**Records provided**

--- --- ---

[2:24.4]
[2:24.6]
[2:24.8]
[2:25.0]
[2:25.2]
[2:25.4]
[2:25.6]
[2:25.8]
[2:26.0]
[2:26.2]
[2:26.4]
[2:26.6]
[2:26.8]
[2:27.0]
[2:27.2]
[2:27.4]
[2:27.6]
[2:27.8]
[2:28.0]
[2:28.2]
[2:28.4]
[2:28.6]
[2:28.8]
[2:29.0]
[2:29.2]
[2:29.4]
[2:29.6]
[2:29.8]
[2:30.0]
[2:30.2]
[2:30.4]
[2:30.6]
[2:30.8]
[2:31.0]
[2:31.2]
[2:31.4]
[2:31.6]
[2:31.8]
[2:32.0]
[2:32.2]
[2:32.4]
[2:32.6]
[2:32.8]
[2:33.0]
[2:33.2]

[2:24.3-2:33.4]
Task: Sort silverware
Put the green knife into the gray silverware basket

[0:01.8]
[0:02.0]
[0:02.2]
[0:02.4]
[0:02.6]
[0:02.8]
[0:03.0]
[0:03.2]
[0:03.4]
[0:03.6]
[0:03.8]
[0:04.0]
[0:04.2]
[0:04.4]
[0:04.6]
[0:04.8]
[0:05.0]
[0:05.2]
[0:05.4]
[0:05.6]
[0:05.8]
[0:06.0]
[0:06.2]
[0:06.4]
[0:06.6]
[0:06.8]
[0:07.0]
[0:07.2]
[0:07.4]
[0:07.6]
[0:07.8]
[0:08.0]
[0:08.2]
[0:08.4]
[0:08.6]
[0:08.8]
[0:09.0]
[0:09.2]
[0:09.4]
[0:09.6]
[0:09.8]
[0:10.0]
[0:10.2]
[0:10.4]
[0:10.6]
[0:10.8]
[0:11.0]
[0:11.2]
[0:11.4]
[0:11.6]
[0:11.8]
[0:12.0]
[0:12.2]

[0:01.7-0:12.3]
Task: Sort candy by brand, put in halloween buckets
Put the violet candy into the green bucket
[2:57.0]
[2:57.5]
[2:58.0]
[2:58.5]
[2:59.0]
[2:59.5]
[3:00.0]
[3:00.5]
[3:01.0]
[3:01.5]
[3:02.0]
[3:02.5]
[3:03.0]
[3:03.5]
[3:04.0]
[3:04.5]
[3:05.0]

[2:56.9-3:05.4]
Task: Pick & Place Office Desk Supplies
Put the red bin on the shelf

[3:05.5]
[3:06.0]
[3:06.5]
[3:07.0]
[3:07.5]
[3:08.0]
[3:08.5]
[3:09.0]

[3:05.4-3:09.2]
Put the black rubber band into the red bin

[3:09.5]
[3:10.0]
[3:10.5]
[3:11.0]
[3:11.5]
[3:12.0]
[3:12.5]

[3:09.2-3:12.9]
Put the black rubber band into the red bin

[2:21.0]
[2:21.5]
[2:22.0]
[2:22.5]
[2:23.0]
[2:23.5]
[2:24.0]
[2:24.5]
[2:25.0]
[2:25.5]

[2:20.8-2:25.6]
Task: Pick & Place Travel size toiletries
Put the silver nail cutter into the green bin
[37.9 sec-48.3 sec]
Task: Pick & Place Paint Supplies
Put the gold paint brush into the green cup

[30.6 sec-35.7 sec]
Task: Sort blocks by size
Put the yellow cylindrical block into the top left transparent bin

--- --- ---

**Problem to work on**
The records above must be reproduced word for word.

**Output of the exercise**
[2:24.4]
[2:24.6]
[2:24.8]
[2:25.0]
[2:25.2]
[2:25.4]
[2:25.6]
[2:25.8]
[2:26.0]
[2:26.2]
[2:26.4]
[2:26.6]
[2:26.8]
[2:27.0]
[2:27.2]
[2:27.4]
[2:27.6]
[2:27.8]
[2:28.0]
[2:28.2]
[2:28.4]
[2:28.6]
[2:28.8]
[2:29.0]
[2:29.2]
[2:29.4]
[2:29.6]
[2:29.8]
[2:30.0]
[2:30.2]
[2:30.4]
[2:30.6]
[2:30.8]
[2:31.0]
[2:31.2]
[2:31.4]
[2:31.6]
[2:31.8]
[2:32.0]
[2:32.2]
[2:32.4]
[2:32.6]
[2:32.8]
[2:33.0]
[2:33.2]

[2:24.3-2:33.4]
Task: Sort silverware
Put the green knife into the gray silverware basket

[0:01.8]
[0:02.0]
[0:02.2]
[0:02.4]
[0:02.6]
[0:02.8]
[0:03.0]
[0:03.2]
[0:03.4]
[0:03.6]
[0:03.8]
[0:04.0]
[0:04.2]
[0:04.4]
[0:04.6]
[0:04.8]
[0:05.0]
[0:05.2]
[0:05.4]
[0:05.6]
[0:05.8]
[0:06.0]
[0:06.2]
[0:06.4]
[0:06.6]
[0:06.8]
[0:07.0]
[0:07.2]
[0:07.4]
[0:07.6]
[0:07.8]
[0:08.0]
[0:08.2]
[0:08.4]
[0:08.6]
[0:08.8]
[0:09.0]
[0:09.2]
[0:09.4]
[0:09.6]
[0:09.8]
[0:10.0]
[0:10.2]
[0:10.4]
[0:10.6]
[0:10.8]
[0:11.0]
[0:11.2]
[0:11.4]
[0:11.6]
[0:11.8]
[0:12.0]
[0:12.2]

[0:01.7-0:12.3]
Task: Sort candy by brand, put in halloween buckets
Put the violet candy into the green bucket
[2:57.0]
[2:57.5]
[2:58.0]
[2:58.5]
[2:59.0]
[2:59.5]
[3:00.0]
[3:00.5]
[3:01.0]
[3:01.5]
[3:02.0]
[3:02.5]
[3:03.0]
[3:03.5]
[3:04.0]
[3:04.5]
[3:05.0]

[2:56.9-3:05.4]
Task: Pick & Place Office Desk Supplies
Put the red bin on the shelf

[3:05.5]
[3:06.0]
[3:06.5]
[3:07.0]
[3:07.5]
[3:08.0]
[3:08.5]
[3:09.0]

[3:05.4-3:09.2]
Put the black rubber band into the red bin

[3:09.5]
[3:10.0]
[3:10.5]
[3:11.0]
[3:11.5]
[3:12.0]
[3:12.5]

[3:09.2-3:12.9]
Put the black rubber band into the red bin

[2:21.0]
[2:21.5]
[2:22.0]
[2:22.5]
[2:23.0]
[2:23.5]
[2:24.0]
[2:24.5]
[2:25.0]
[2:25.5]

[2:20.8-2:25.6]
Task: Pick & Place Travel size toiletries
Put the silver nail cutter into the green bin
[37.9 sec-48.3 sec]
Task: Pick & Place Paint Supplies
Put the gold paint brush into the green cup

[30.6 sec-35.7 sec]
Task: Sort blocks by size
Put the yellow cylindrical block into the top left transparent bin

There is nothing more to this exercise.